Work task> From the first line to the last, repeat the records exactly and skip the pictures.

Excerpted data>

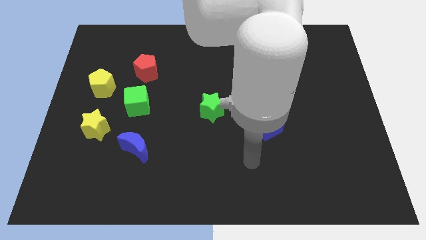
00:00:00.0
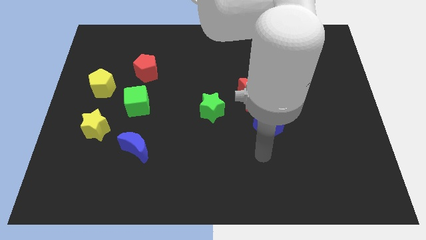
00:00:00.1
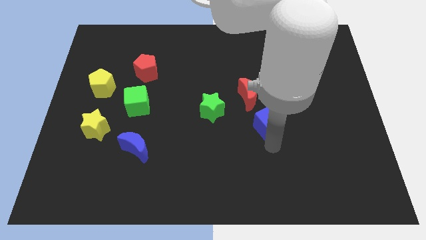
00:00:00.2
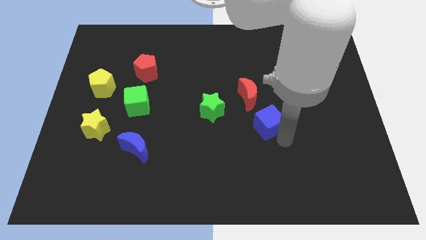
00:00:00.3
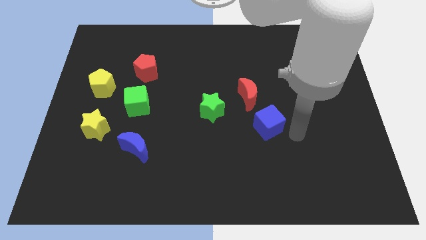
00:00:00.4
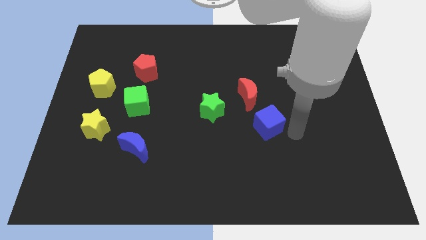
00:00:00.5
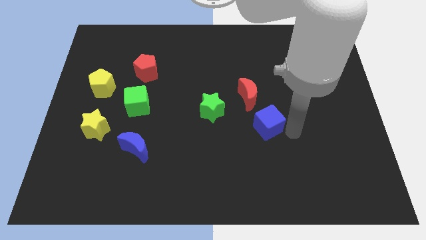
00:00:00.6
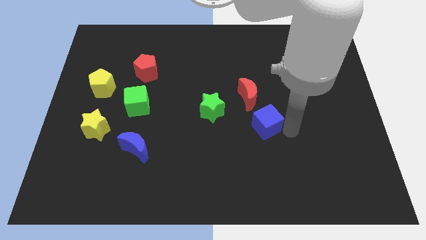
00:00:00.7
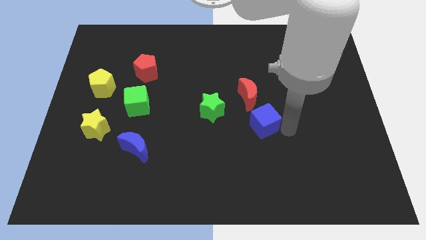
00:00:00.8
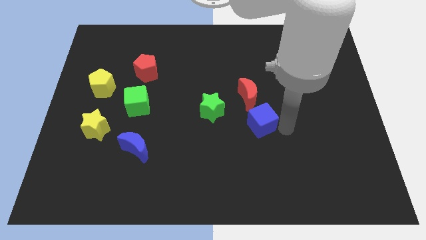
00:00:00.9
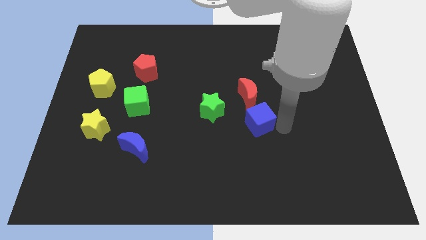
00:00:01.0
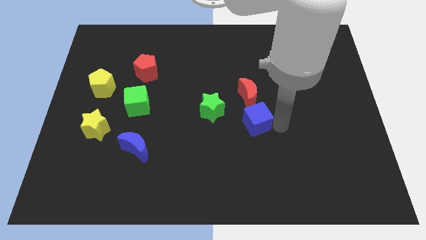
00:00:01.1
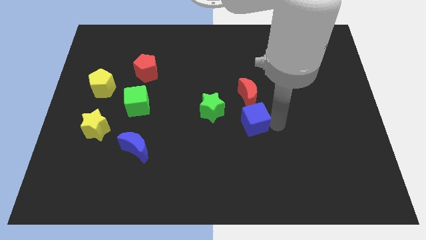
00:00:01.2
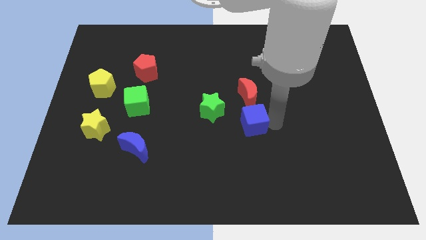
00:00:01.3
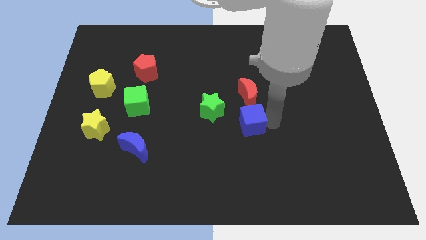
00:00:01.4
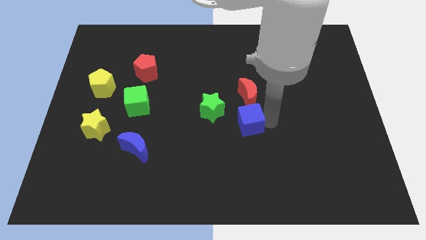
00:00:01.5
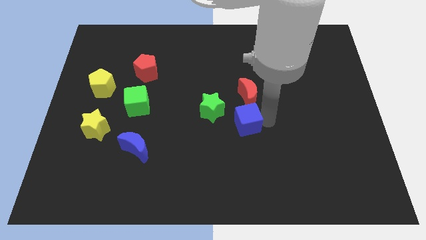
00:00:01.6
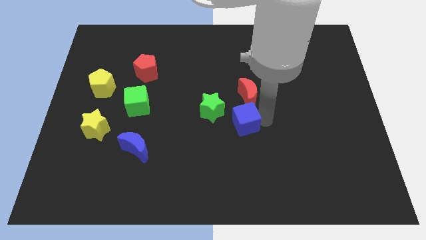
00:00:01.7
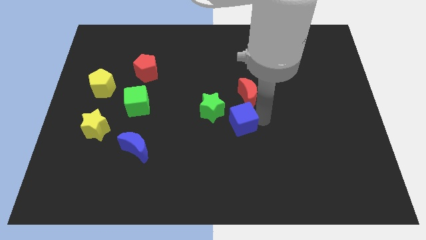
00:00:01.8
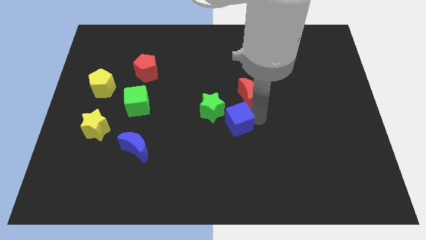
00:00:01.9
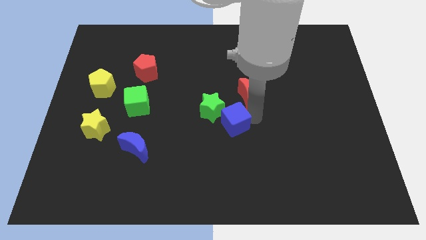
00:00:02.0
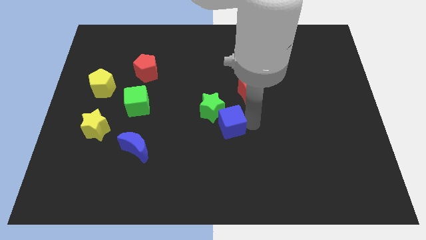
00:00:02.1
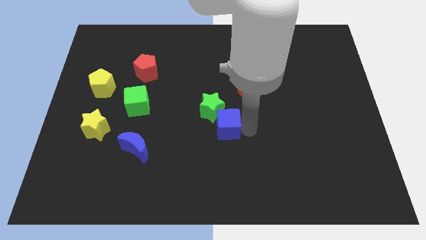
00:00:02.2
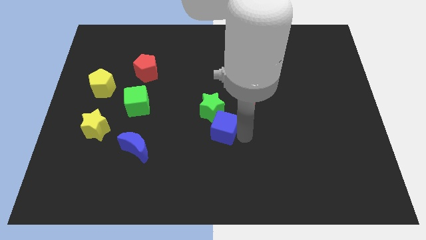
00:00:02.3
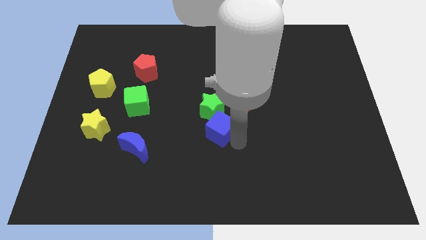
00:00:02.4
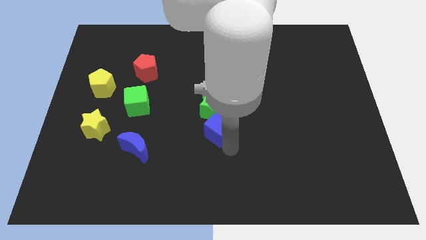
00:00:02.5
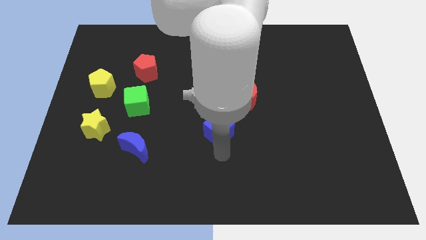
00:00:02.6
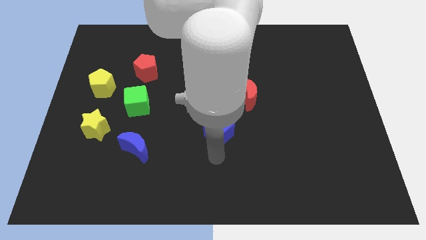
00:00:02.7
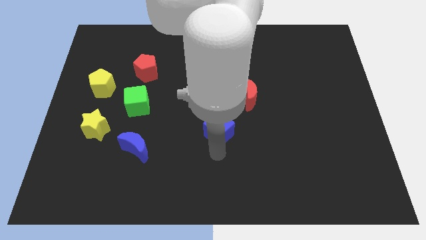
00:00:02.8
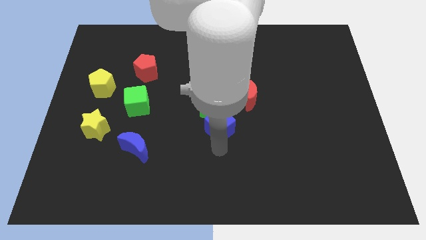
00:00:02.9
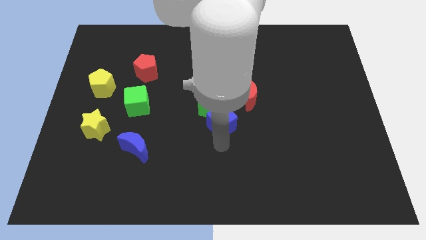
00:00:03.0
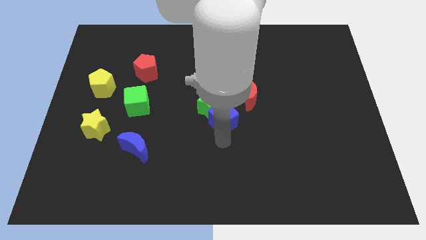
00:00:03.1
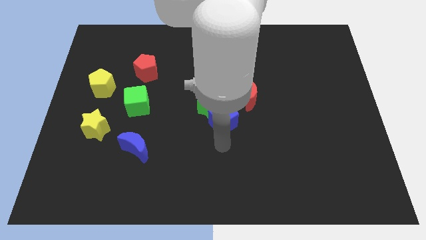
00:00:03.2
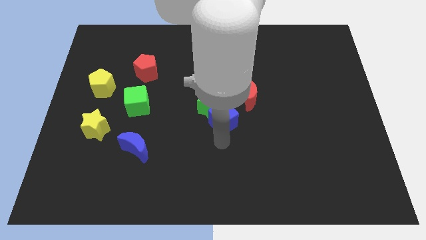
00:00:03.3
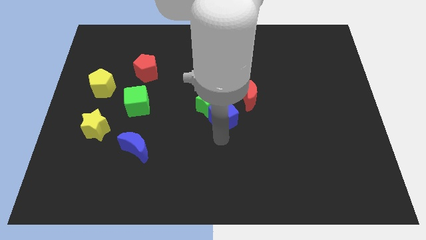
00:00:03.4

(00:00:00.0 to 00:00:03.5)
slightly slide the blue cube up and left diagonally

Solution to this task>
00:00:00.0
00:00:00.1
00:00:00.2
00:00:00.3
00:00:00.4
00:00:00.5
00:00:00.6
00:00:00.7
00:00:00.8
00:00:00.9
00:00:01.0
00:00:01.1
00:00:01.2
00:00:01.3
00:00:01.4
00:00:01.5
00:00:01.6
00:00:01.7
00:00:01.8
00:00:01.9
00:00:02.0
00:00:02.1
00:00:02.2
00:00:02.3
00:00:02.4
00:00:02.5
00:00:02.6
00:00:02.7
00:00:02.8
00:00:02.9
00:00:03.0
00:00:03.1
00:00:03.2
00:00:03.3
00:00:03.4

(00:00:00.0 to 00:00:03.5)
slightly slide the blue cube up and left diagonally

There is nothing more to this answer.